On 7/17/2011 3:07 AM, Andrzej Kozlowski wrote:

>>>
>>> (RJF wrote) When does Solve call Equal on 2 numbers?   I poked around a little and
>>> found -- never.   I tried Integrate, Factor, Do, Product, Plot..  --never.
>>>
>>>
>>> note that f[x_] := If [x == 0, 1, f[x - 1]*x]; f[5] computes 5! and
>>> calls Equal 6 times... but Factorial[5] does not.
>>>
>>>
>>> Perhaps the internal support routines do not call Equal?
>>> or calls to it are compiled away and not in reach of redefinition by the
>>> user?  Or do they call SameQ?   (no, they don't. I tried it).
>>>
>>> Cheers
>>>
>>>
>>> RJF
>>>
>>>
>>
>> This may indeed "work", though one would have to check functions such as NSolve,

  NSum, Reduce, etc, which I haven't tried (and don't want to). But it 
certainly will produce effects like this:
>>
>> In[1]:= Unprotect[Equal];
>>
>> In[2]:= Equal[a_?NumberQ, b_?NumberQ] := SameQ[a, b]
>>
>> In[3]:= Protect[Equal];
>>
>> In[4]:= eqn = 2 x + 1 == 0;
>>
>> In[5]:= Solve[eqn, x][[1]] // N
>>
>> Out[5]= {x->-0.5}
>>
>> In[6]:= eqn /. %
>>
>> Out[6]= False
>>
>> I am not at all convinced that the "naive user" will find this behaviour much of an improvement,

in fact, quite the opposite.
>>
>> Andrzej Kozlowski
>
>
> Well, I decided to test it, and, as I suspected, the results are not "great". Let's solve a nice equation:
>
> Reduce[Exp[x] - x == 1/2&&  Abs[x]<  1, x]//N
> x==0.162909 -0.972479 I\[Or]x==0.162909 +0.972479 I
>
> Great, now let's try Richard's "improved" Mathematica:
>
> Unprotect[Equal];
>
> Equal[a_?NumberQ, b_?NumberQ] := SameQ[a, b]
>
> Protect[Equal];
>
> Reduce[Exp[x]-x==1/2&&Abs[x]<1,x]
> Reduce::nsmet: This system cannot be solved with the methods available to Reduce.>>


To be specific, let's change the definition of Equal to the one that I 
suggested, but augmented to keep count of how many times it was called 
with at least one Real argument.  Unprotect[Equal] and then

  Equal[a_Real, b_] := (count++;
   Equal[Rationalize[SetAccuracy[a, Infinity]], b])

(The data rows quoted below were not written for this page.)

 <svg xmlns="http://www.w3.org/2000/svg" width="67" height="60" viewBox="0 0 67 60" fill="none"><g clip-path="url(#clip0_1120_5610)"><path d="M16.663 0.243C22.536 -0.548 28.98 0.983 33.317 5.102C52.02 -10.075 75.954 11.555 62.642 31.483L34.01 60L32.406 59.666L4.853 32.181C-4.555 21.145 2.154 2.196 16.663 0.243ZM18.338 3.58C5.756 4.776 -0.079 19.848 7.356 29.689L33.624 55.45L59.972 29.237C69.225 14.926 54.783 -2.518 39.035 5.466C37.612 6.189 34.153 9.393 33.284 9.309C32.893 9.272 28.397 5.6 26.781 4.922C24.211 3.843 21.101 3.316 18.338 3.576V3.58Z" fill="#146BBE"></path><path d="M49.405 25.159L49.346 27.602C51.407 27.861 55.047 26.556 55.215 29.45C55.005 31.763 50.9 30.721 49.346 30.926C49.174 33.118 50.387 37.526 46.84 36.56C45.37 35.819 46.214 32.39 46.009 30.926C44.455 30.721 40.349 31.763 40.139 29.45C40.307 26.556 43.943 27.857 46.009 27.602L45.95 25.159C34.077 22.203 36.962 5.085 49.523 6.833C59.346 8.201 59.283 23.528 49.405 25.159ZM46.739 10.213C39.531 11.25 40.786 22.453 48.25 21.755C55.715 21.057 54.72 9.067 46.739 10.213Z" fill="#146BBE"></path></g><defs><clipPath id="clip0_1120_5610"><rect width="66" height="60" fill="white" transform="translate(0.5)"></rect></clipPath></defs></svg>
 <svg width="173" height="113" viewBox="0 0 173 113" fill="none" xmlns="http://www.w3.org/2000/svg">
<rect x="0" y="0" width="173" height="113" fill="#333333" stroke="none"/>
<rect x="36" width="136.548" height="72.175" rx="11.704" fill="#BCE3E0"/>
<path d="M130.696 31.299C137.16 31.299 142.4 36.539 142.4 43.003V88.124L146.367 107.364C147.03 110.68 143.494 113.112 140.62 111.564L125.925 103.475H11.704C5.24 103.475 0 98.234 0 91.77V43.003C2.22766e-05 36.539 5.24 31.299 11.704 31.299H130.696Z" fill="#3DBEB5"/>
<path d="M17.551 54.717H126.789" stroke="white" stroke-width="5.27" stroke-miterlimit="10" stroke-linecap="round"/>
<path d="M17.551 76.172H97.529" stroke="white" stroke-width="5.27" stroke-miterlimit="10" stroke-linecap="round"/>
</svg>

  Equal[a_, b_Real] := (count++;
   Equal[a, Rationalize[SetAccuracy[b, Infinity]]])

Initialize count to 0.

What is count, after these numerical operations:

NIntegrate[Sin[1/x], {x, 0.1, 10.0}]
   count is 0.

Reduce[Sin[1/x] == 0, x]
   count is 0.

f[x_] := If[x == 0.0, 1.0, x*f[x - 1]]; f[5]
   count is 5.

Reduce[Exp[x] - x == 1/2 && Abs[x] < 1, x]     (andrzej's example)
   count is 4.

NSolve[Sin[1.0/x] == 0.0, x]

   count is 3.
NSolve[Sin[1/x] == 0, x]
   count is 2.

These numbers are small enough that we might as well print out WHAT is 
being compared.
The Reduce example tests the following numbers for equality to exactly 0:
-0.972478922705943081742383427880
0.51462253970
0.972478922705943081742383427880
0.51462253970  (again).

The NSolve example compares some complicated expression to 1.0.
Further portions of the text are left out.